Work required -
Leave out the images; return the rest of the data exactly.

Records provided -
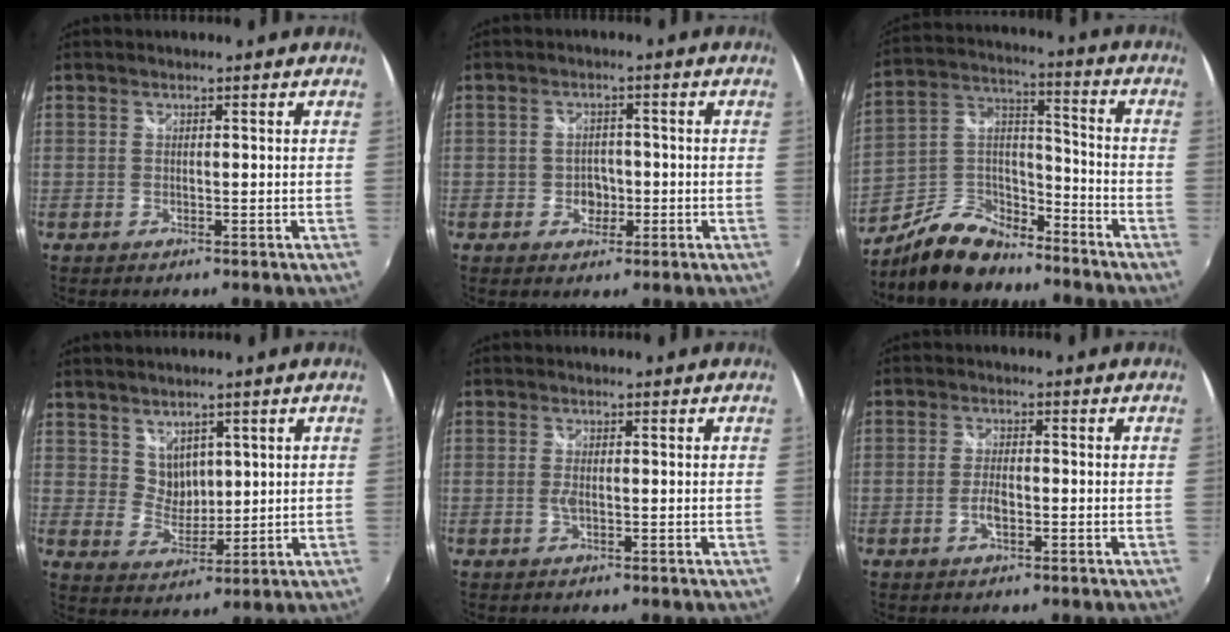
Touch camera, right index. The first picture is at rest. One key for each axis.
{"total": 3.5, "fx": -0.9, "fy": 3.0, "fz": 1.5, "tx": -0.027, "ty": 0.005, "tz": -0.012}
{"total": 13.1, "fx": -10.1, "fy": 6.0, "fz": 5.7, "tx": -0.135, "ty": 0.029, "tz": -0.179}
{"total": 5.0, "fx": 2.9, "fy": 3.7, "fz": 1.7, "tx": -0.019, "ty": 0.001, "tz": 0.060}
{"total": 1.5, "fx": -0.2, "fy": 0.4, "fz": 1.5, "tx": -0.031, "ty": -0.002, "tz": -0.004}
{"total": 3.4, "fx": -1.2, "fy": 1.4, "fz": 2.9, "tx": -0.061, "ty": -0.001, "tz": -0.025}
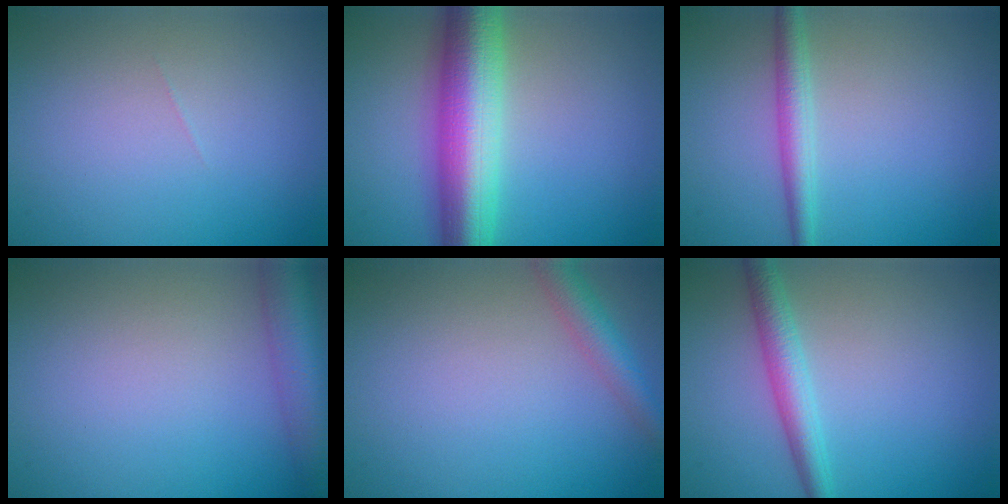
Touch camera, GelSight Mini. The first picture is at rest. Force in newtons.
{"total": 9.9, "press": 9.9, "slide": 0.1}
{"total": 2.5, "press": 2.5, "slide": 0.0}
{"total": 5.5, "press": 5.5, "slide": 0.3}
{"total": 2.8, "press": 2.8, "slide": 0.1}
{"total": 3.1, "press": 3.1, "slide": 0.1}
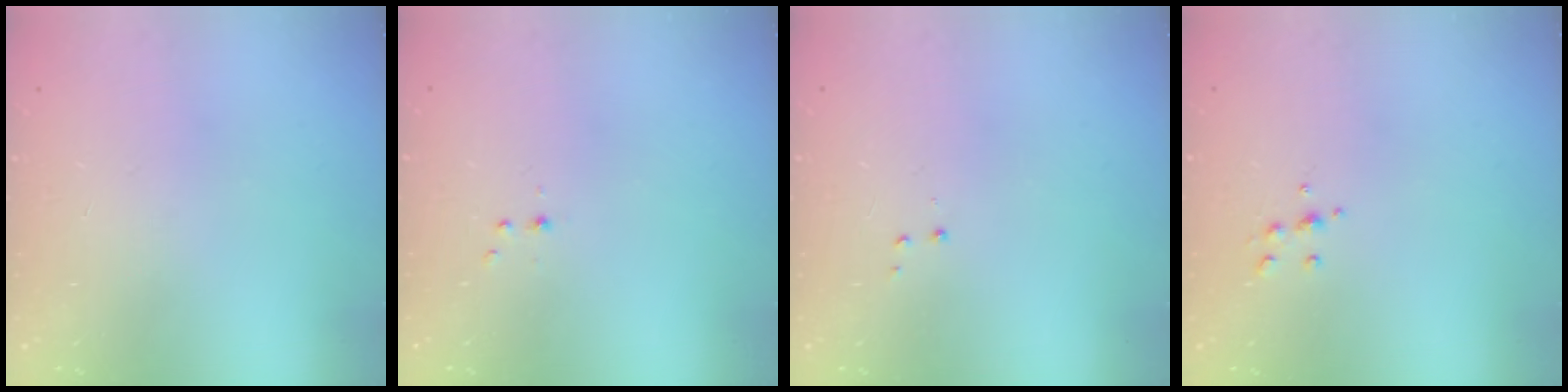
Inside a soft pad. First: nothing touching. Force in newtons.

Your response -
Touch camera, right index. The first picture is at rest. One key for each axis.
{"total": 3.5, "fx": -0.9, "fy": 3.0, "fz": 1.5, "tx": -0.027, "ty": 0.005, "tz": -0.012}
{"total": 13.1, "fx": -10.1, "fy": 6.0, "fz": 5.7, "tx": -0.135, "ty": 0.029, "tz": -0.179}
{"total": 5.0, "fx": 2.9, "fy": 3.7, "fz": 1.7, "tx": -0.019, "ty": 0.001, "tz": 0.060}
{"total": 1.5, "fx": -0.2, "fy": 0.4, "fz": 1.5, "tx": -0.031, "ty": -0.002, "tz": -0.004}
{"total": 3.4, "fx": -1.2, "fy": 1.4, "fz": 2.9, "tx": -0.061, "ty": -0.001, "tz": -0.025}
Touch camera, GelSight Mini. The first picture is at rest. Force in newtons.
{"total": 9.9, "press": 9.9, "slide": 0.1}
{"total": 2.5, "press": 2.5, "slide": 0.0}
{"total": 5.5, "press": 5.5, "slide": 0.3}
{"total": 2.8, "press": 2.8, "slide": 0.1}
{"total": 3.1, "press": 3.1, "slide": 0.1}
Inside a soft pad. First: nothing touching. Force in newtons.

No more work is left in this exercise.